§ **Task instructions**:
All pictures are to be excluded when the data below is output verbatim.

§ **Record excerpts**:
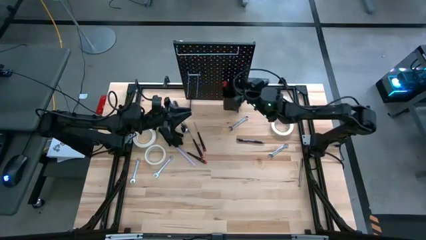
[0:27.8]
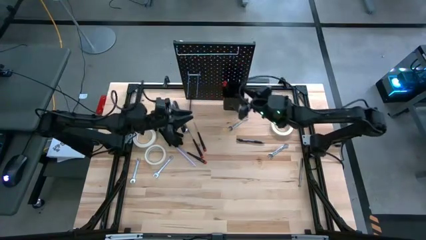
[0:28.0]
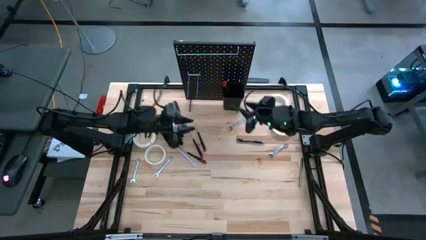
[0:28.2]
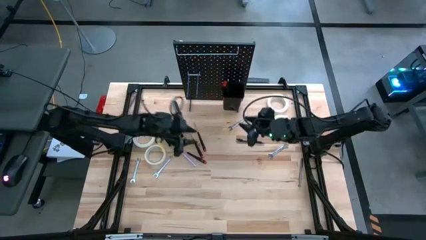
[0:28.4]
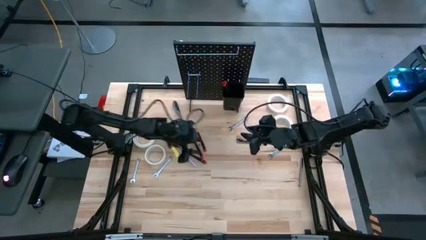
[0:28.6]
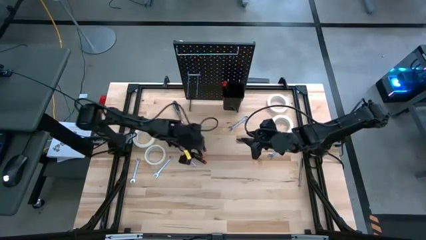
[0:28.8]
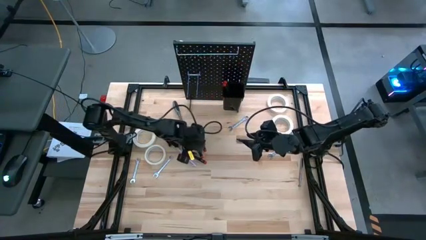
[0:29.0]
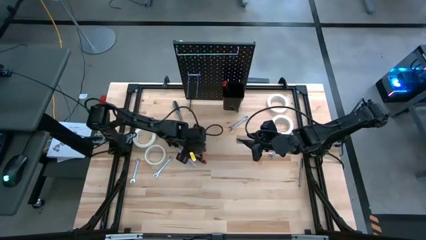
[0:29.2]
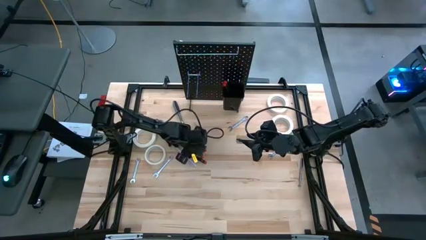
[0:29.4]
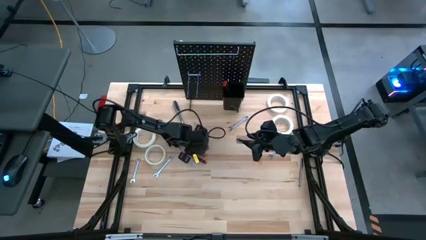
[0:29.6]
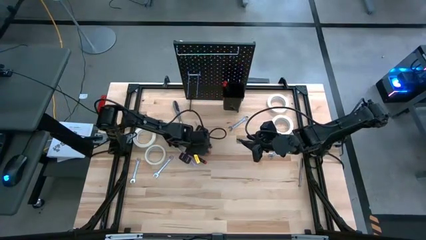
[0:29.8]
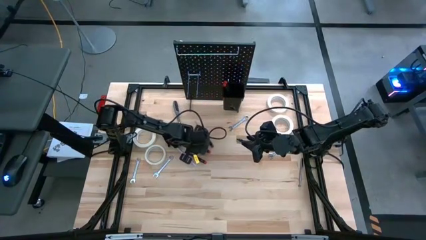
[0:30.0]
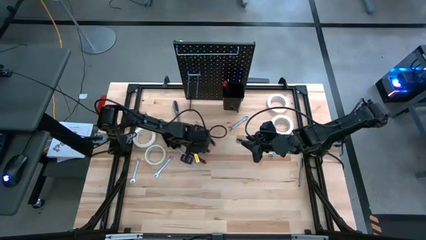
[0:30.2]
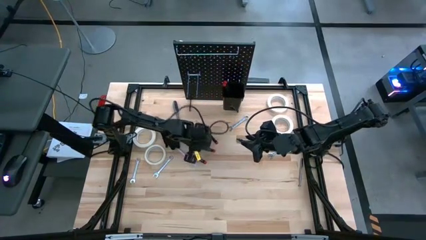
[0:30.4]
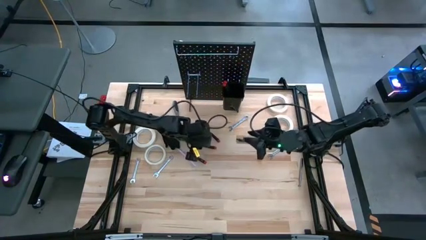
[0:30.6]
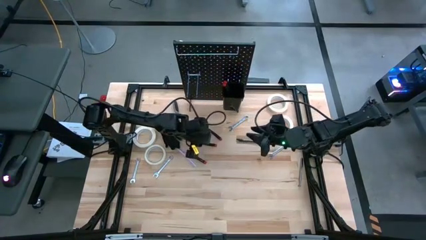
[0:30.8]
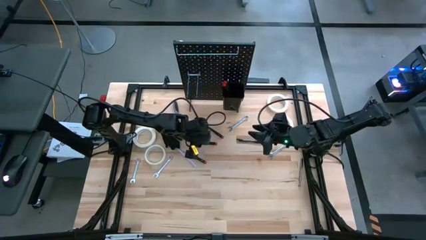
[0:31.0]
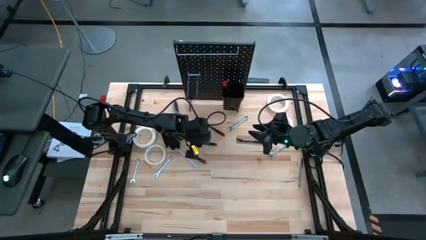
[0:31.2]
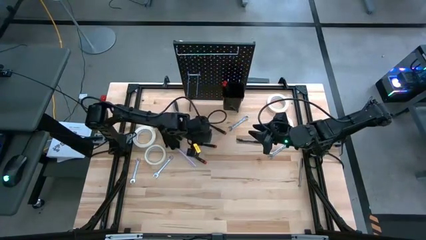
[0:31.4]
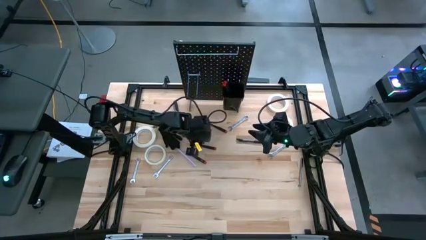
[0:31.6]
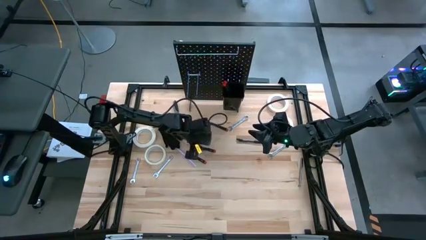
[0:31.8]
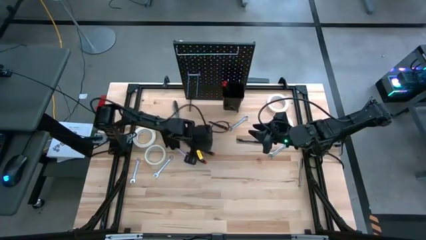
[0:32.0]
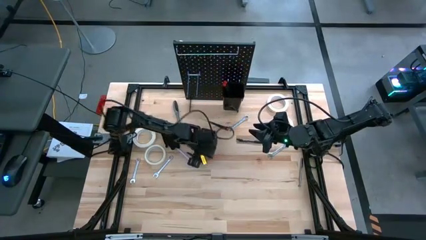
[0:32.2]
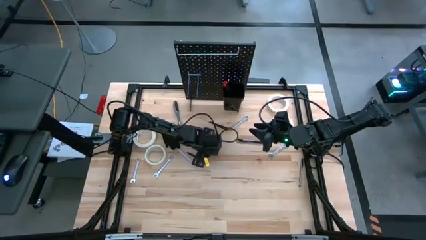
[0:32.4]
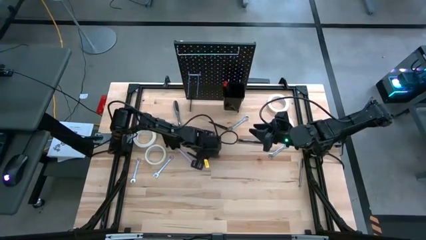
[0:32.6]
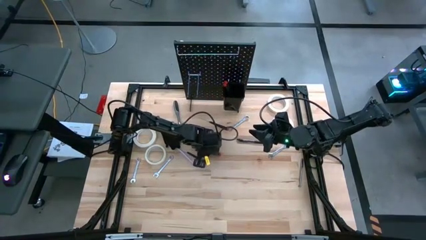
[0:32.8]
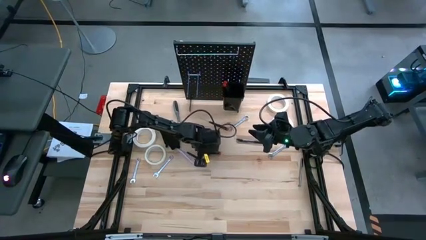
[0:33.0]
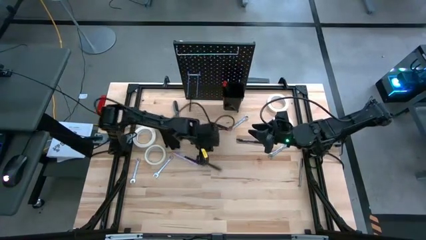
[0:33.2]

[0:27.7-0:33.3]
Task: Hang tools onto peg board
Put the nut driver into the black bin on the pegboard

§ **Exercise output**:
[0:27.8]
[0:28.0]
[0:28.2]
[0:28.4]
[0:28.6]
[0:28.8]
[0:29.0]
[0:29.2]
[0:29.4]
[0:29.6]
[0:29.8]
[0:30.0]
[0:30.2]
[0:30.4]
[0:30.6]
[0:30.8]
[0:31.0]
[0:31.2]
[0:31.4]
[0:31.6]
[0:31.8]
[0:32.0]
[0:32.2]
[0:32.4]
[0:32.6]
[0:32.8]
[0:33.0]
[0:33.2]

[0:27.7-0:33.3]
Task: Hang tools onto peg board
Put the nut driver into the black bin on the pegboard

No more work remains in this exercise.